Internet Safety
With Web 2.0 tools bringing more students online, it's a good time to review your Internet Safety guidelines. Thankfully, there are many social media tools designed specifically for teachers and students—providing private, protected communities for sharing and collaboration in safe online environments. In the Community Tools section you'll find ideas like wikis that let you to manage communities—e.g., public wikis shared by the whole school and private wikis just for teachers or individual classes.
Reinforce guidelines for responsible Internet use
- Update your Web 1.0 safety tips to include social networking—for both personal and school-related use.
- Cyber-bullying is real and deserves its own guidelines and discussion points.

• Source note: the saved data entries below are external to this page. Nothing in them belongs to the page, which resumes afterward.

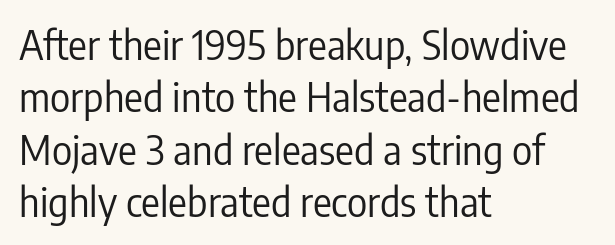
The image shows 39 px regular-weight, condensed sans-serif type, upright; set left-aligned, normal line spacing (1.34x), normal letter spacing, not underlined; low stroke contrast and a medium x-height.
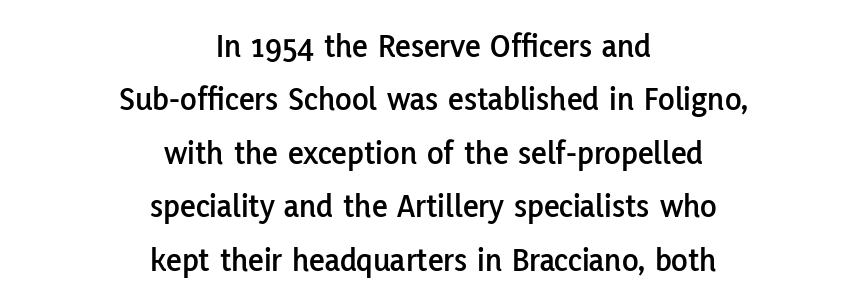
A typesetter would mark this as roman, not italic. Tracking value appears to be zero — textbook default spacing. Is this a sans? Yes — the strokes have no serifs. No word sits above an underline.
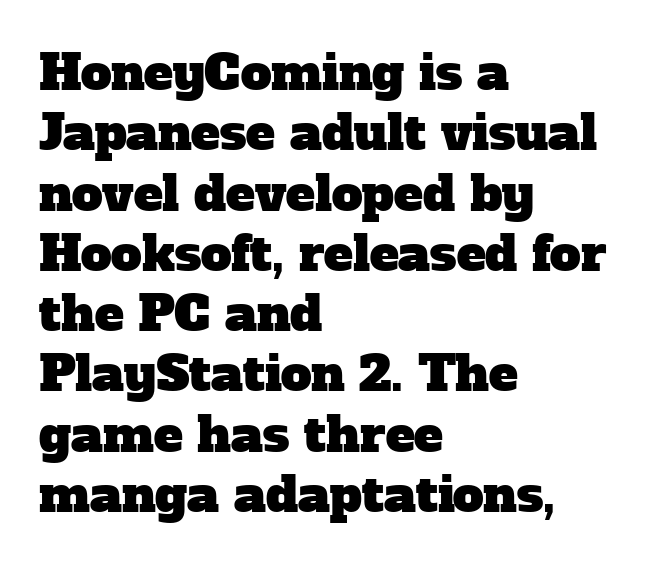
Q: Is the typeface a serif or a sans-serif typeface? A: Serif.
Q: Is the text underlined? A: No.
Q: How is the paragraph aligned? A: Left-aligned.
Q: Is the spacing between letters normal or unusually wide? A: Normal.
Q: Width (condensed, normal, or wide)? A: Normal.
Q: Stroke contrast? A: Low.
Q: x-height? A: Medium.
Q: Monospaced? A: No.

- Remind students to exercise good judgment and think twice before uploading or posting content and comments—anything they post can live online forever!
- Cyber-ethics is a good topic for classroom discussion: ask students to help write rules about appropriate and ethical behavior online; how can they communicate and collaborate respectively in online communities?

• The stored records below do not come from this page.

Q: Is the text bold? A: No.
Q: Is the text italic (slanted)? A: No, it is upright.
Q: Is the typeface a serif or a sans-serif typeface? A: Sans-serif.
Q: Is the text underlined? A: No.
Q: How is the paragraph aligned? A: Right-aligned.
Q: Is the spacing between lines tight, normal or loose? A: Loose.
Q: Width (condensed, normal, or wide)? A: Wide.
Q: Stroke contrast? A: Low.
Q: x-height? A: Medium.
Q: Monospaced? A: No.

- Teachers should reinforce rules about safe online activity; monitor and supervise online work; and periodically check the effectiveness of filtering systems.
- If your school does not have formal Internet Safety Guidelines, why not offer to help create them?
Be Web 2.0-savvy and don't "over-share"
- Don't disclose personal information online (name, email address, postal address, phone number, photo, school address, etc).
- Beware the addictive nature of social media and online activity-it's important to work productively and keep a balance in one's life outside of school.
- Advise students to be wary of online fraud, spoof websites and scams, and to recognize marketing tactics targeting tweens and teens.
- Start a discussion about social networks by asking what it means to "manage your online reputation." How does this also relate to what you text or IM?